» **Task directions**: Repeat only these lines, exactly: the first line of the data, the line containing "share of the ground: 50 - 75 %", and every line between them. Pictures stay out.
= = = =
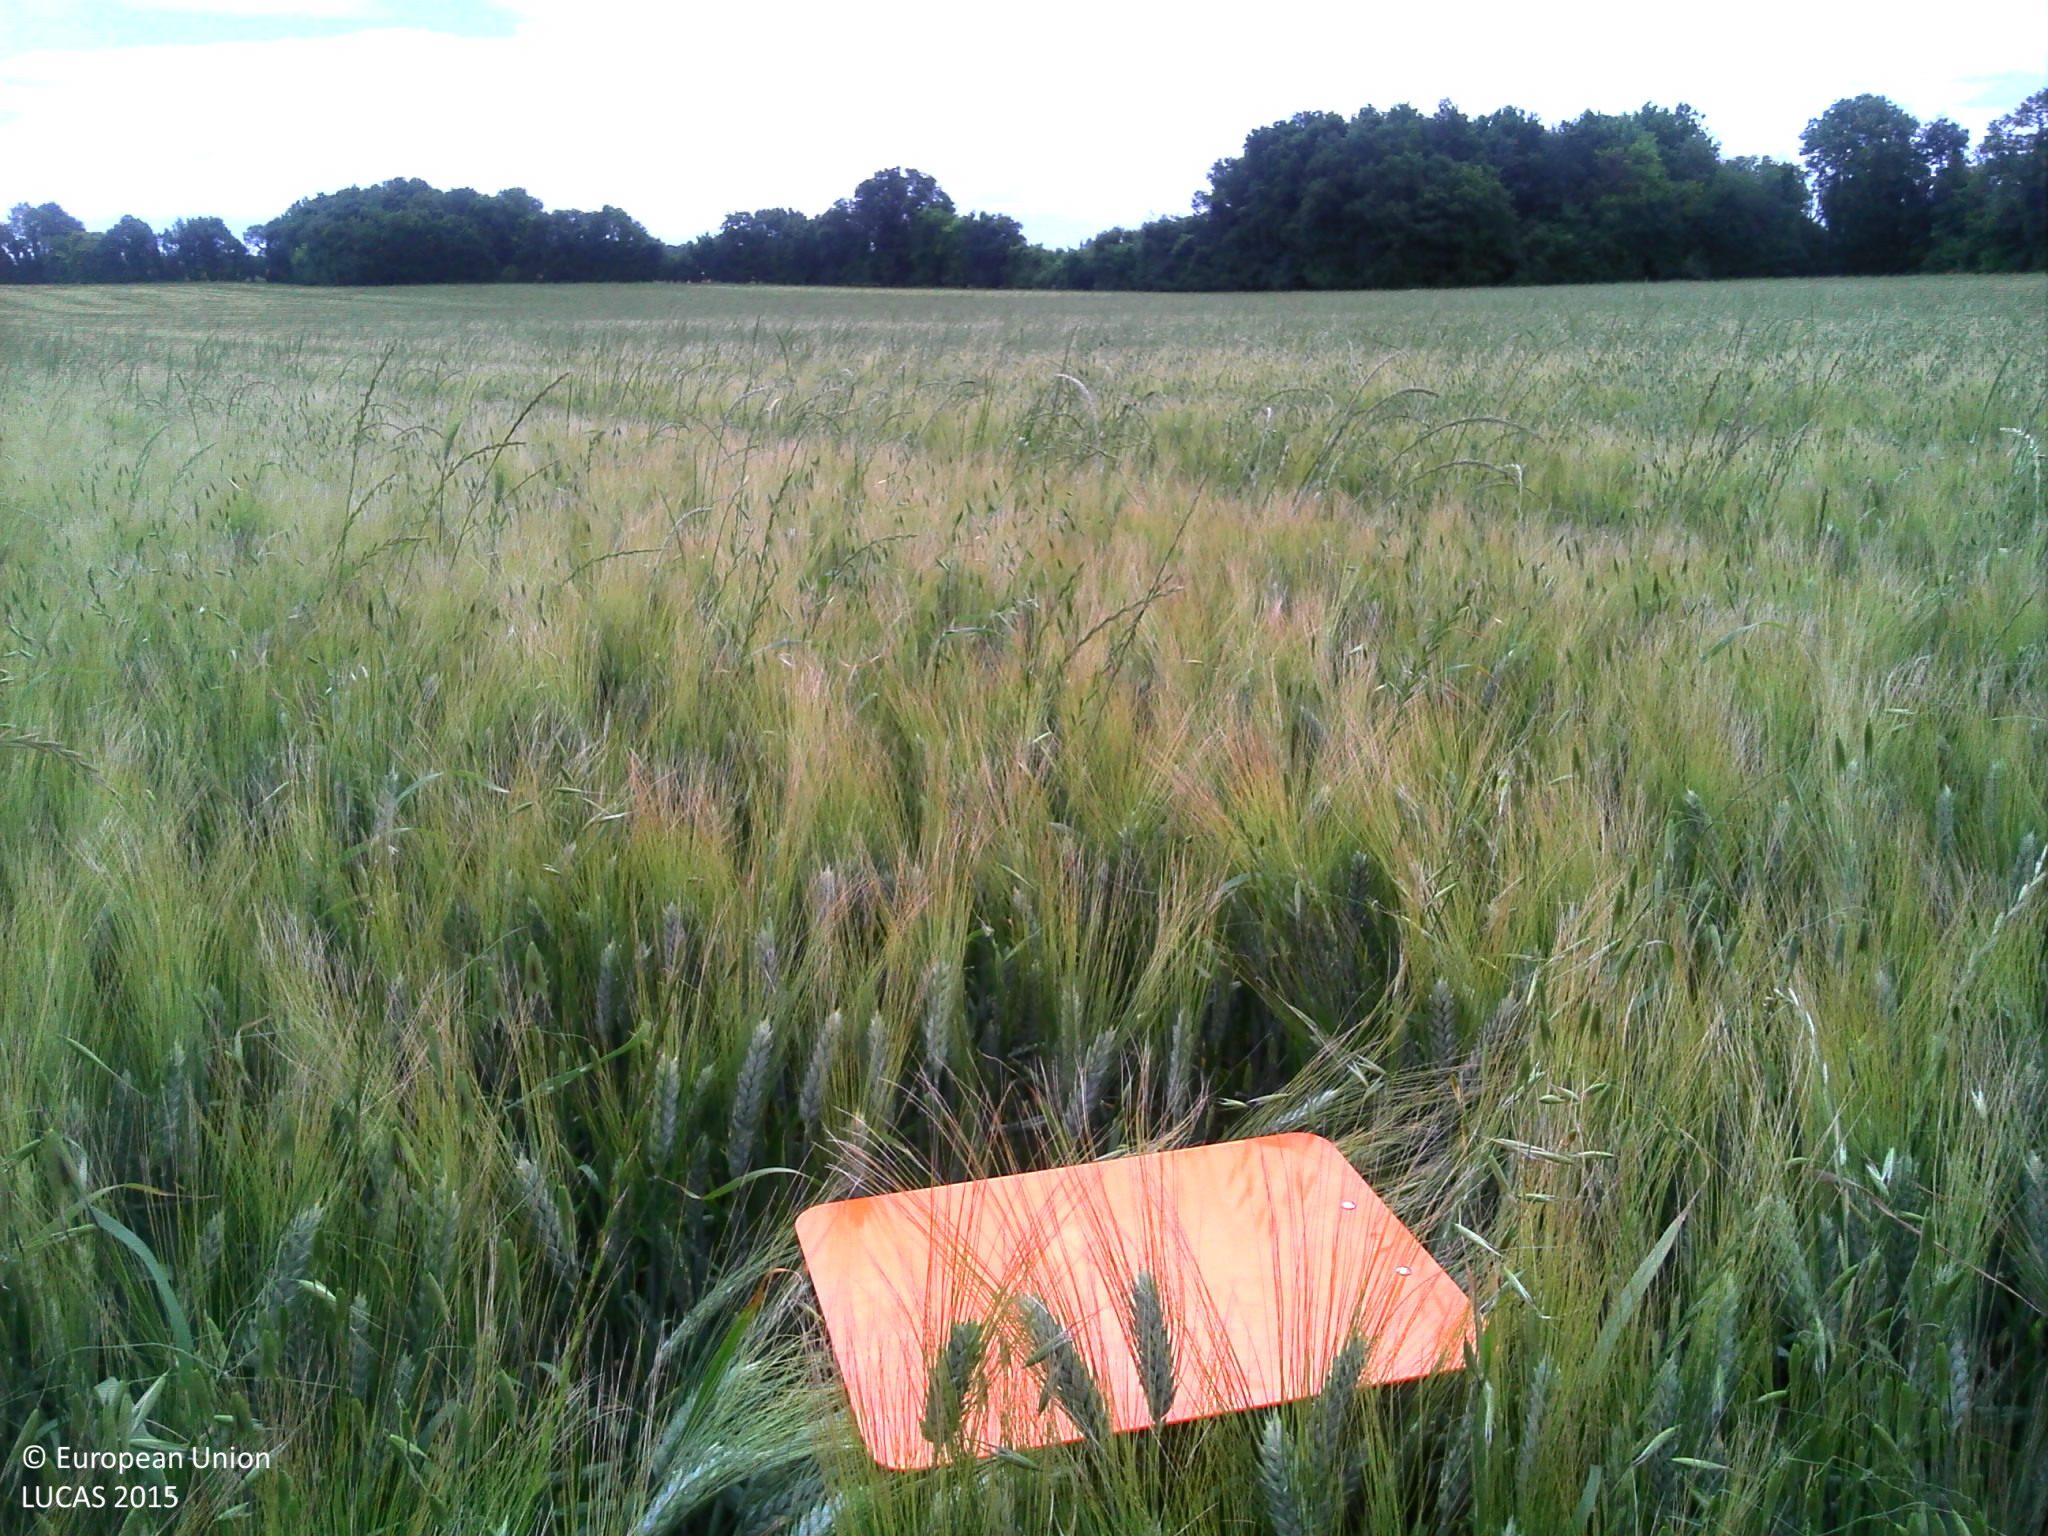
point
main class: Cropland
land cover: Durum wheat
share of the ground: > 75 %
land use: Agriculture (excluding fallow land and kitchen gardens)
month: June
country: FR
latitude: 46.1334
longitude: -0.9408
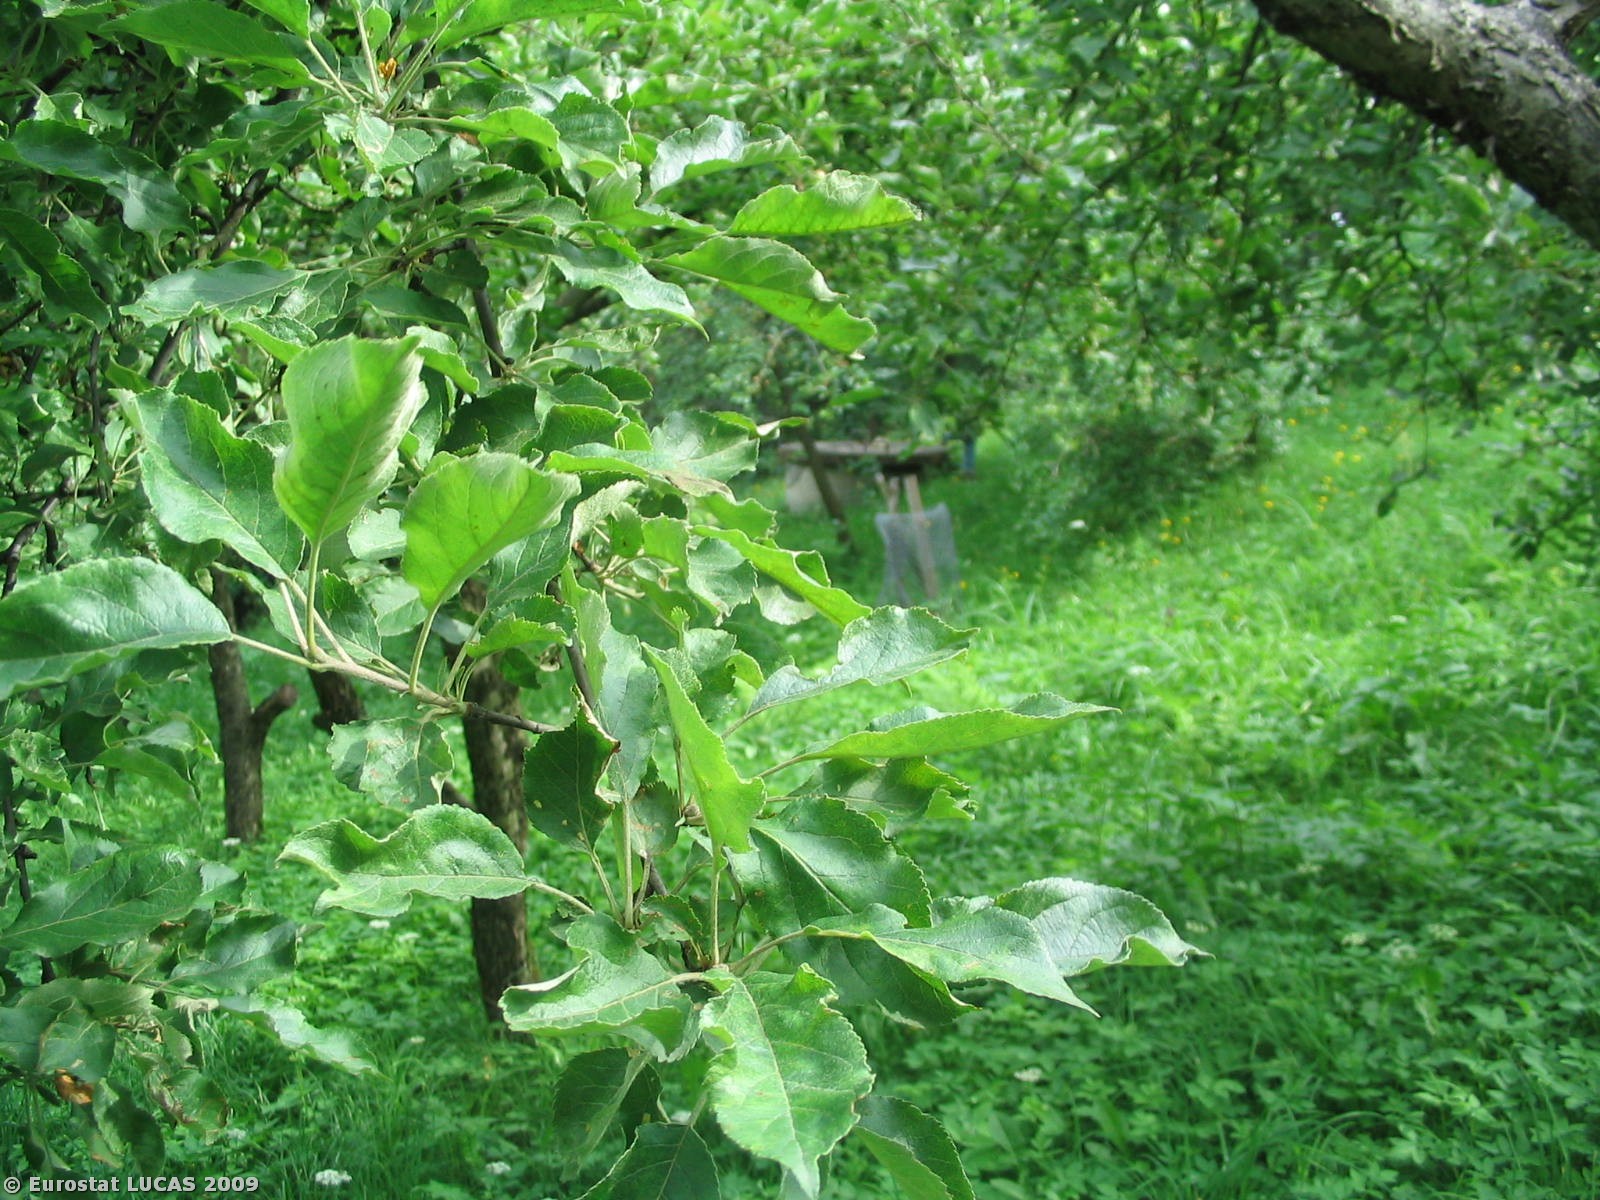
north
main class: Cropland
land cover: Apple fruit
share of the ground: 50 - 75 %
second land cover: Grassland with sparse tree/shrub cover
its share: > 75 %
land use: Kitchen garden
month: June
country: CZ
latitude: 49.5762
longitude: 18.7468
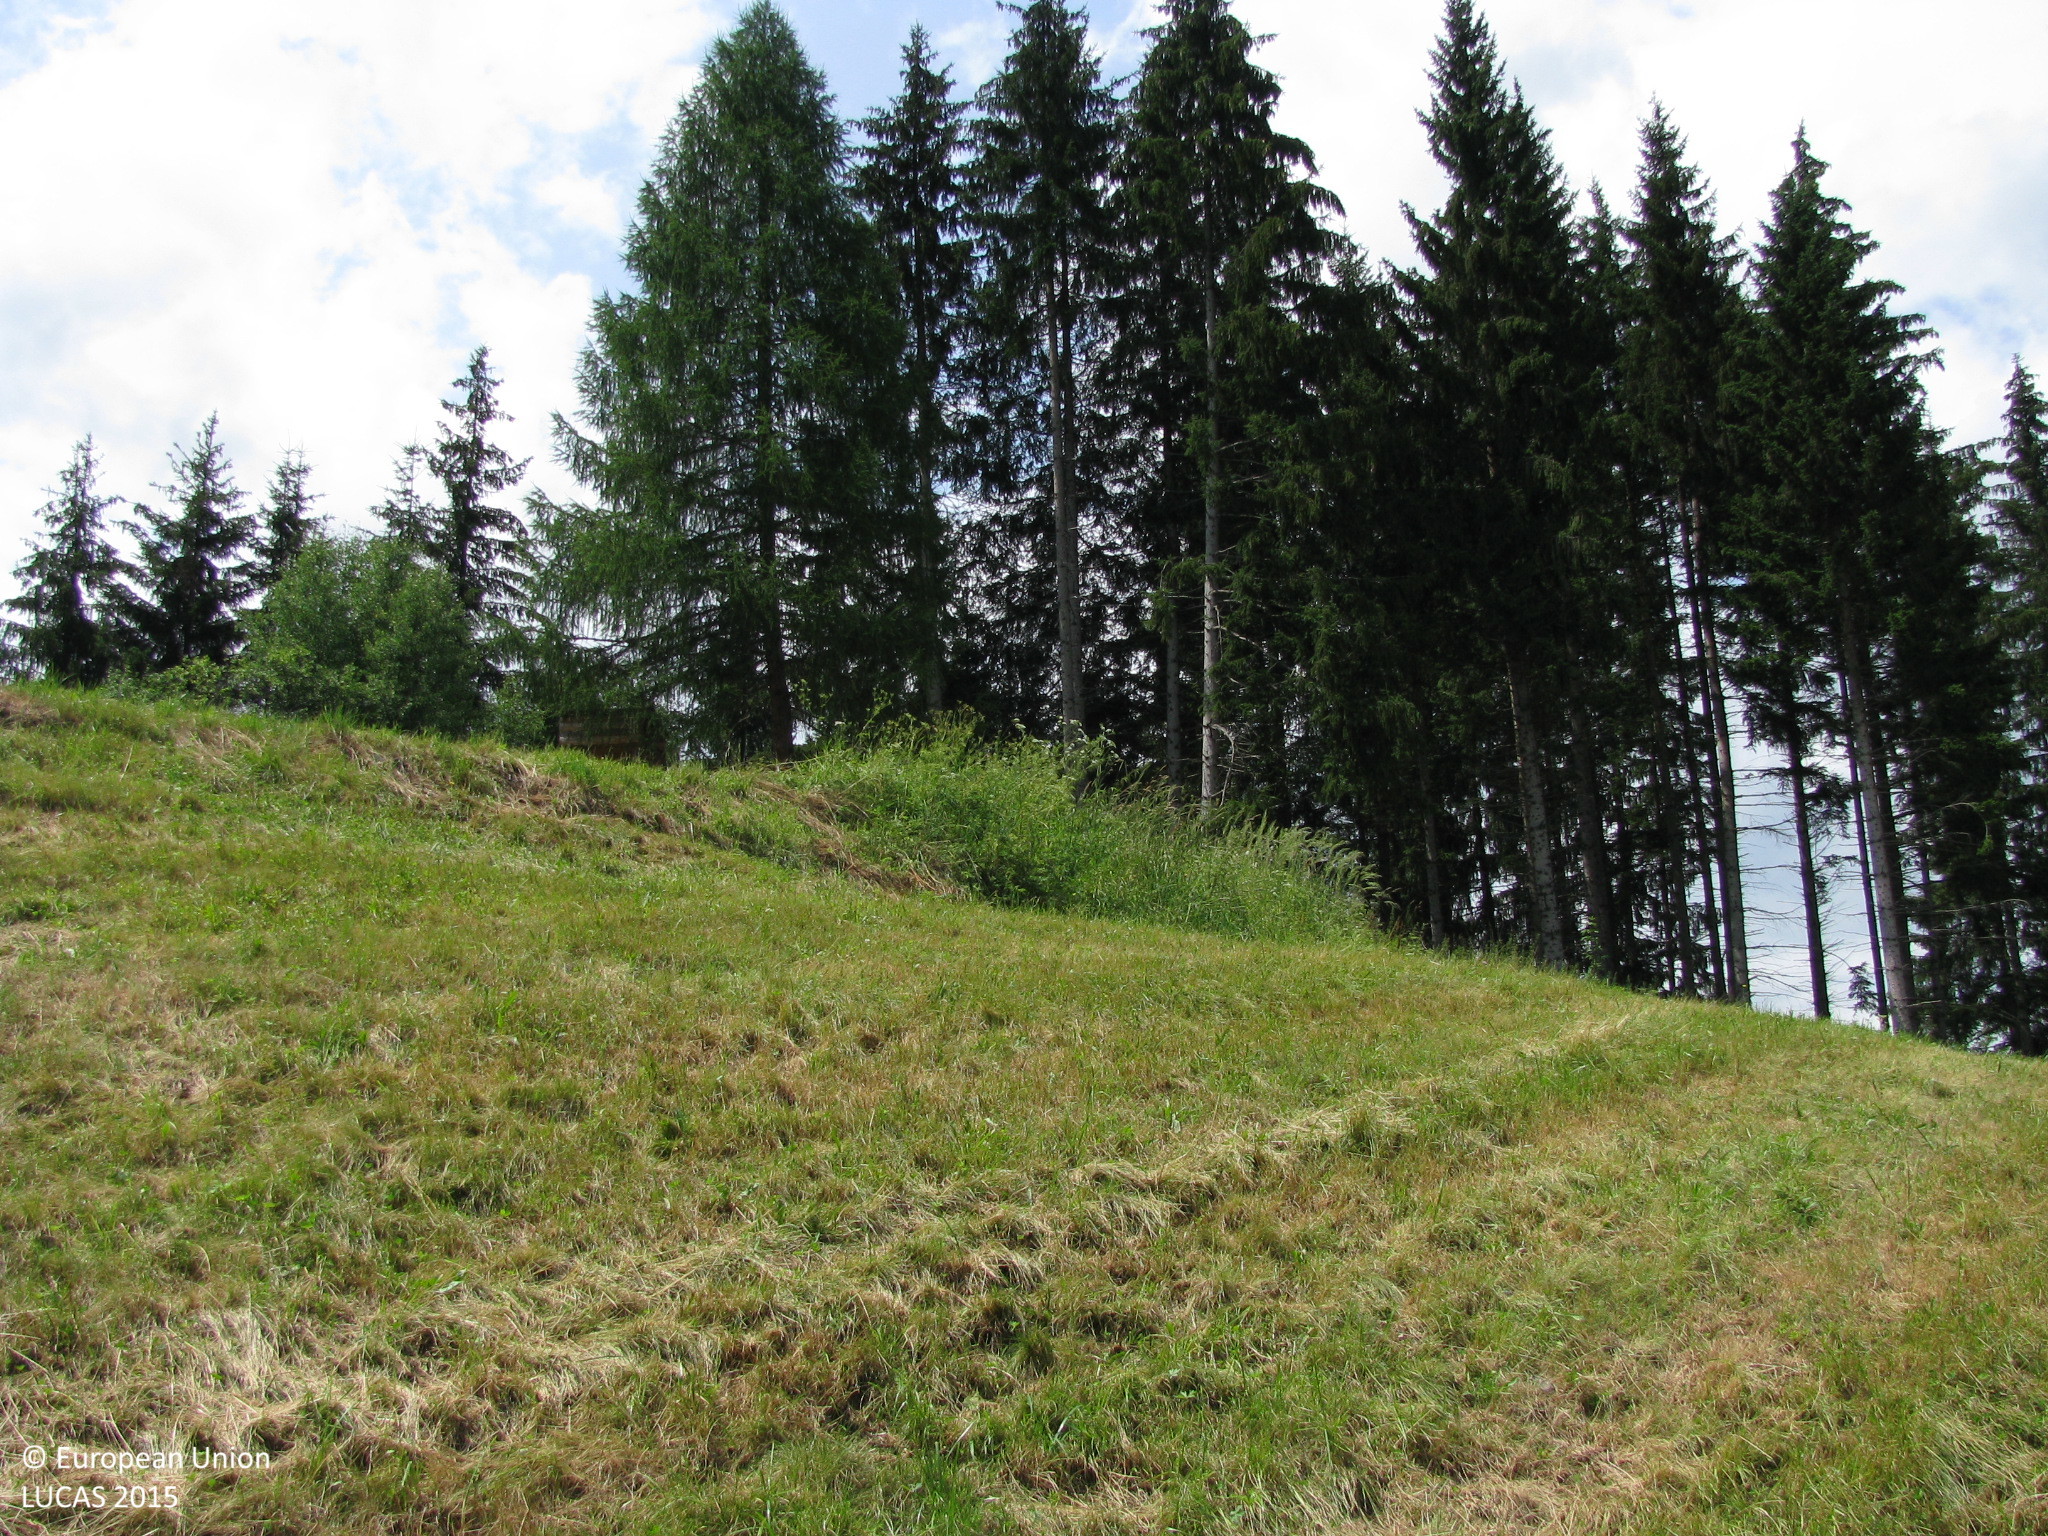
= = = =
» **Written solution**:
point
main class: Cropland
land cover: Durum wheat
share of the ground: > 75 %
land use: Agriculture (excluding fallow land and kitchen gardens)
month: June
country: FR
latitude: 46.1334
longitude: -0.9408
north
main class: Cropland
land cover: Apple fruit
share of the ground: 50 - 75 %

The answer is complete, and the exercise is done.